The constraint cannot enforce semantics. A JSON Schema can require quantity > 0, but can it ensure total == sum(line_items)? No. Cross-field invariants, business rules, foreign-key validity — anything that requires reasoning across multiple fields — has to live in application-layer validation, not the decoder. The hybrid pattern from the structured-output article still applies: schema-constrained decoding for shape, retry-on-validate for semantics. Constrained decoding makes the retry loop disappear for the schema layer; it does not make the semantic layer disappear.

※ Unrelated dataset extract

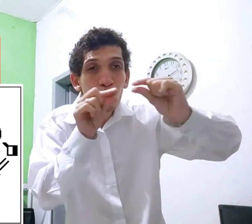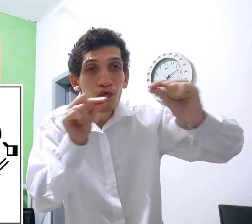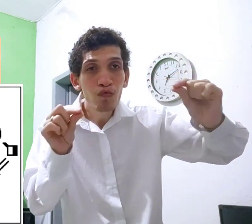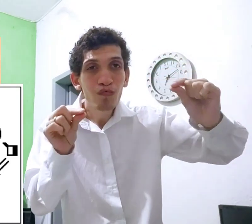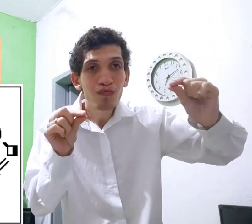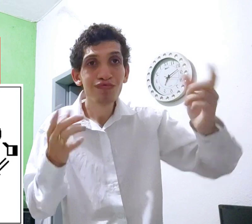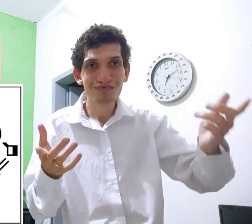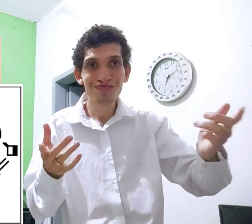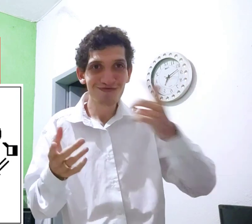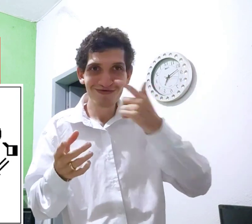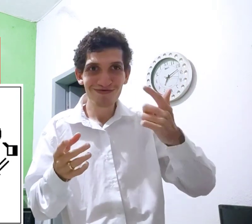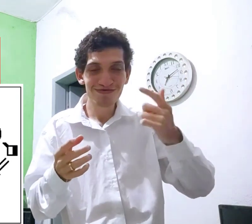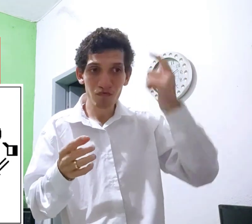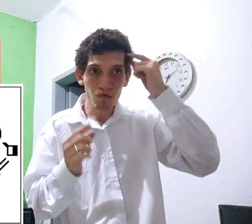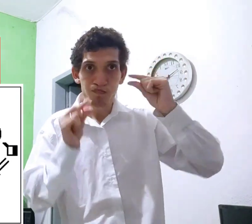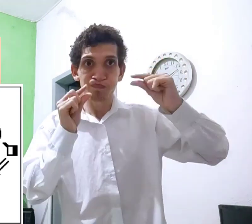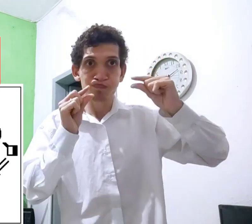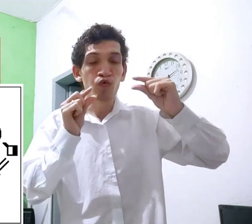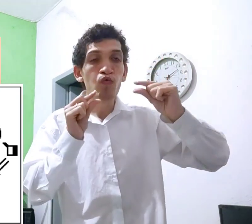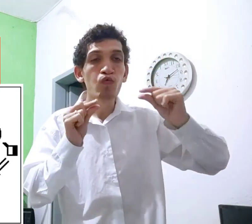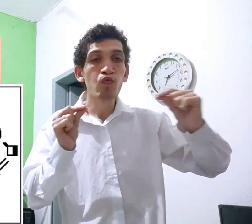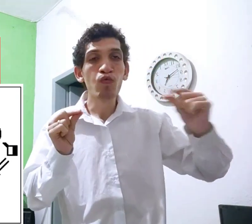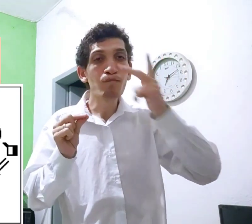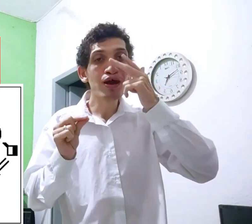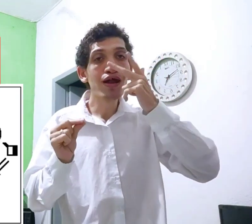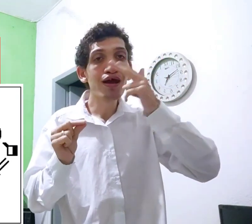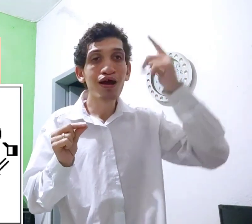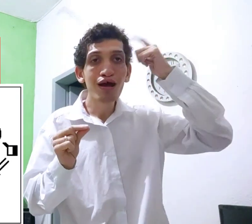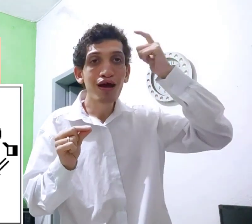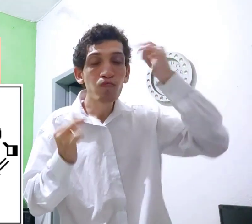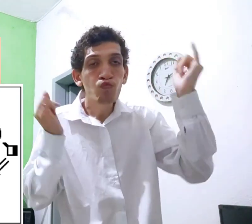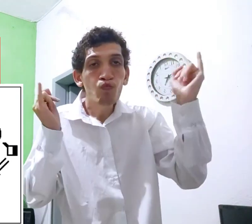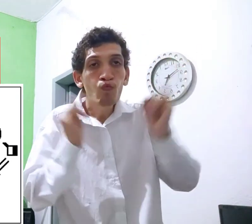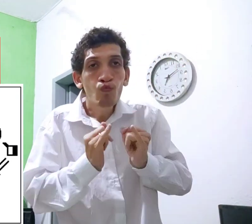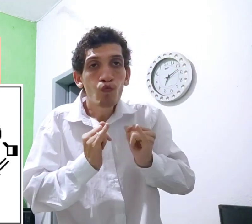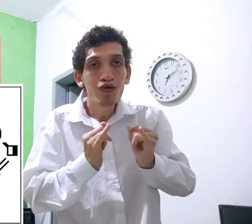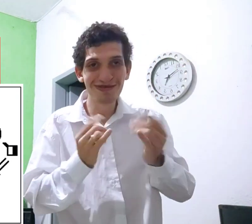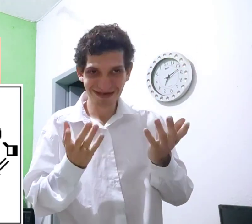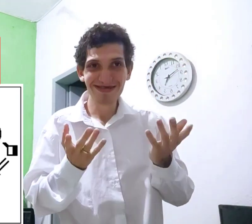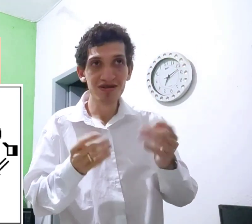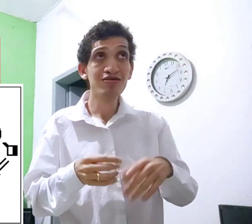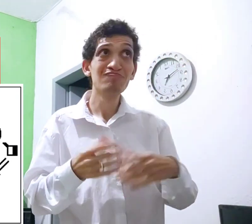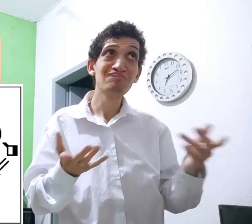Apinar. Entendeu? O cabelo grosso, agora parece que o cabelo emagreceu.

Hot-swapping the grammar mid-conversation is expensive. The compiled FSM/PDA is cached by (grammar_hash, tokenizer_hash). If your agent loop sends different schemas on each turn, you pay the compile cost on every cold schema. Pin the grammars you reuse to a stable set, or pre-warm the cache at deploy time the same way you would for prompt caching.

Strict-mode JSON Schema subsets bite open-weight users too. vLLM’s xgrammar backend is more permissive than OpenAI’s strict mode, but still has limits — unbounded oneOf over open-vocabulary strings, recursive $ref chains, regex patterns inside format. Test your schema end-to-end before assuming it’ll compile. The failure mode is typically a fall-back to unconstrained generation, not an error.

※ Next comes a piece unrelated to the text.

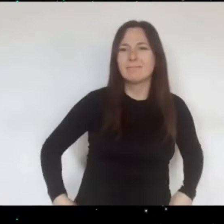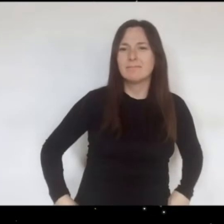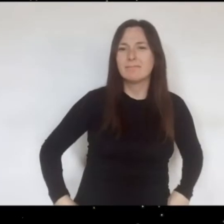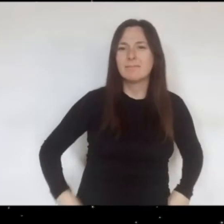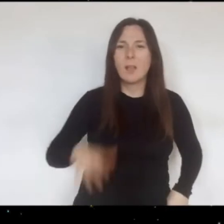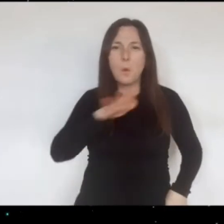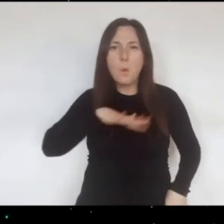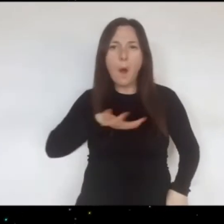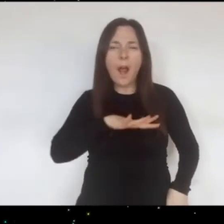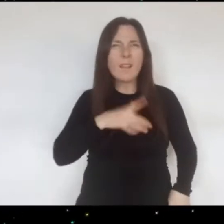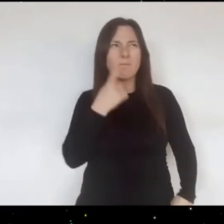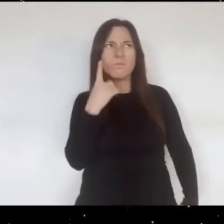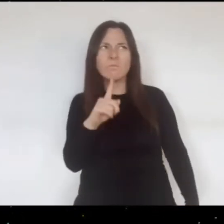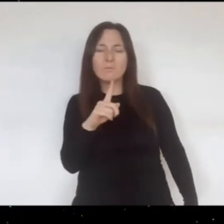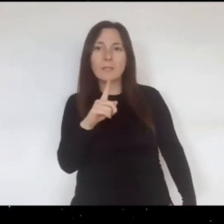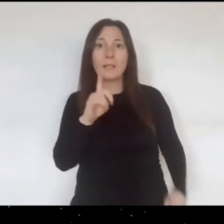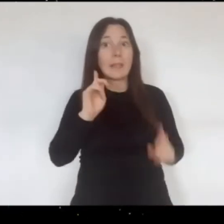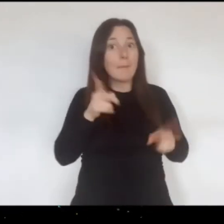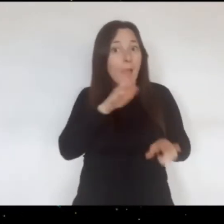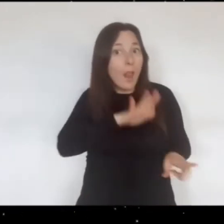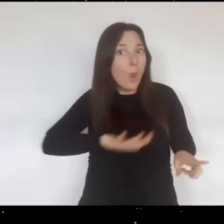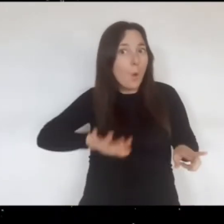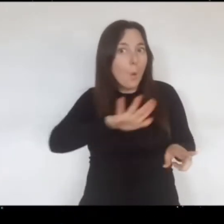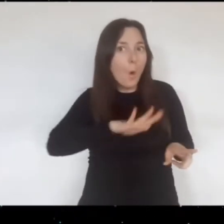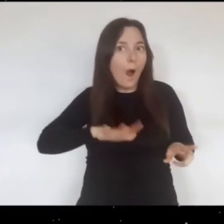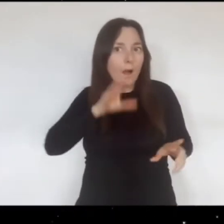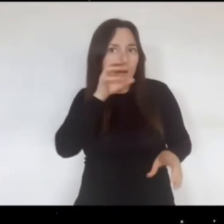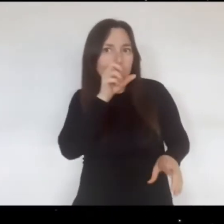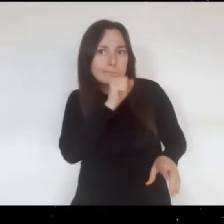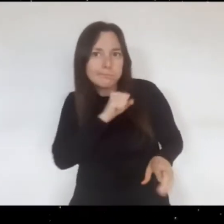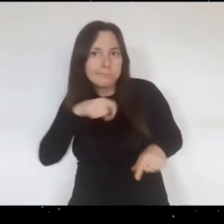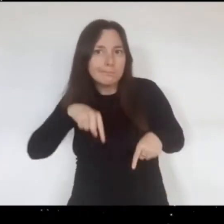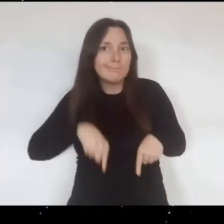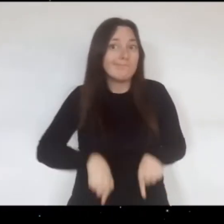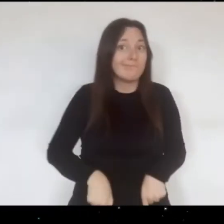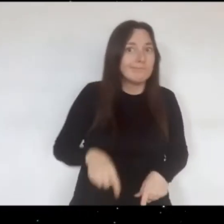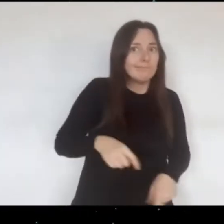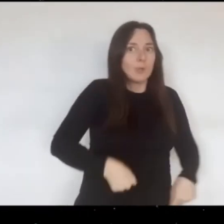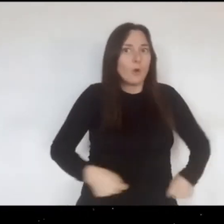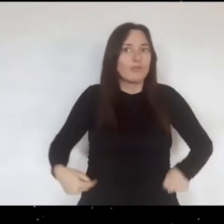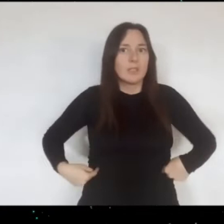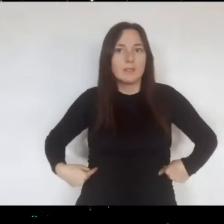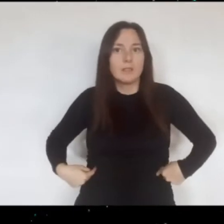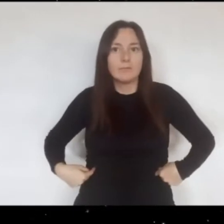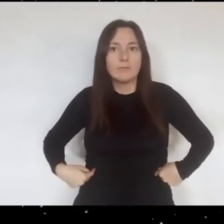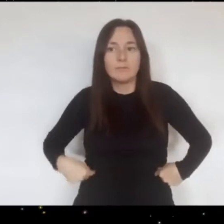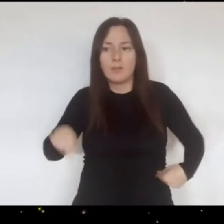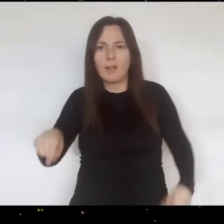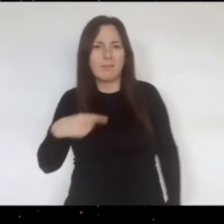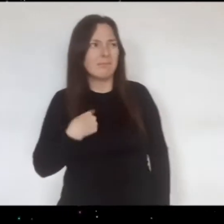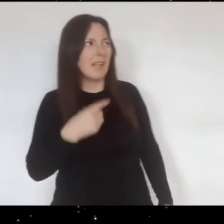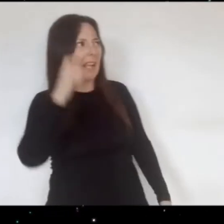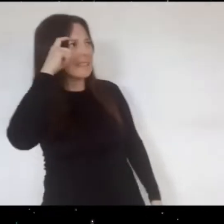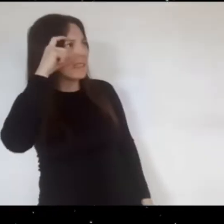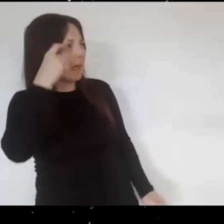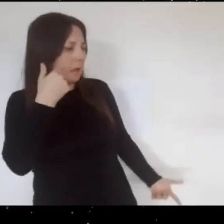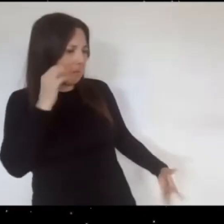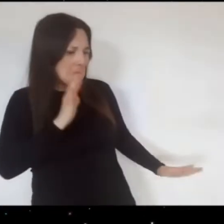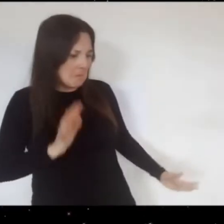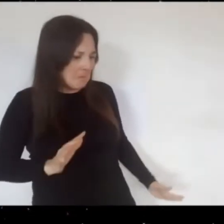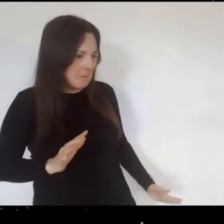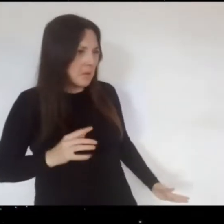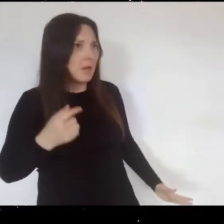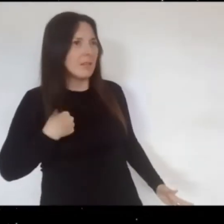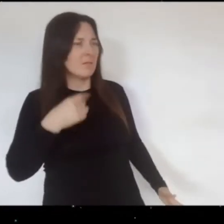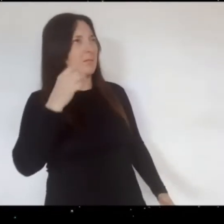todo el cuerpo Incluso por sitios tan escondidos que ni siquiera ella conoce Cuando le pasa

Logit bias is a different tool, not a worse tool. A common temptation is to “almost constrain” output with a few -100 biases on bad tokens. This is fine for blocklists and degenerate cases, but it cannot enforce structure — the mask is constant, so as soon as the model emits a { you can’t make the bias depend on “we’re now inside an object.” Use logit bias for content-policy nudges (banning the literal string “I cannot”), constrained decoding for shape. Mixing them is fine; substituting one for the other usually isn’t.

Constrained decoding helps small models more than large ones. A 4B-parameter model with strict JSON Schema constraints often outperforms an unconstrained 70B model on extraction tasks — the structural guarantee plus the small-model’s cheap inference is a Pareto improvement. The frontier-model side of the curve is where the format tax bites: constraining a 400B+ model that was already nearly perfect on structure can give you a worse output distribution for negligible reliability gain. Run the eval, both ways, before you commit.

Determinism is not free either. Even with a strict schema and temperature=0, two providers running the same model can produce different outputs because their FSM compilers handle a given schema differently — different tokenizer normalizations, different float arithmetic in the masking step. If you’re building an eval harness against a hosted strict mode, treat the constraint engine as part of the model under test.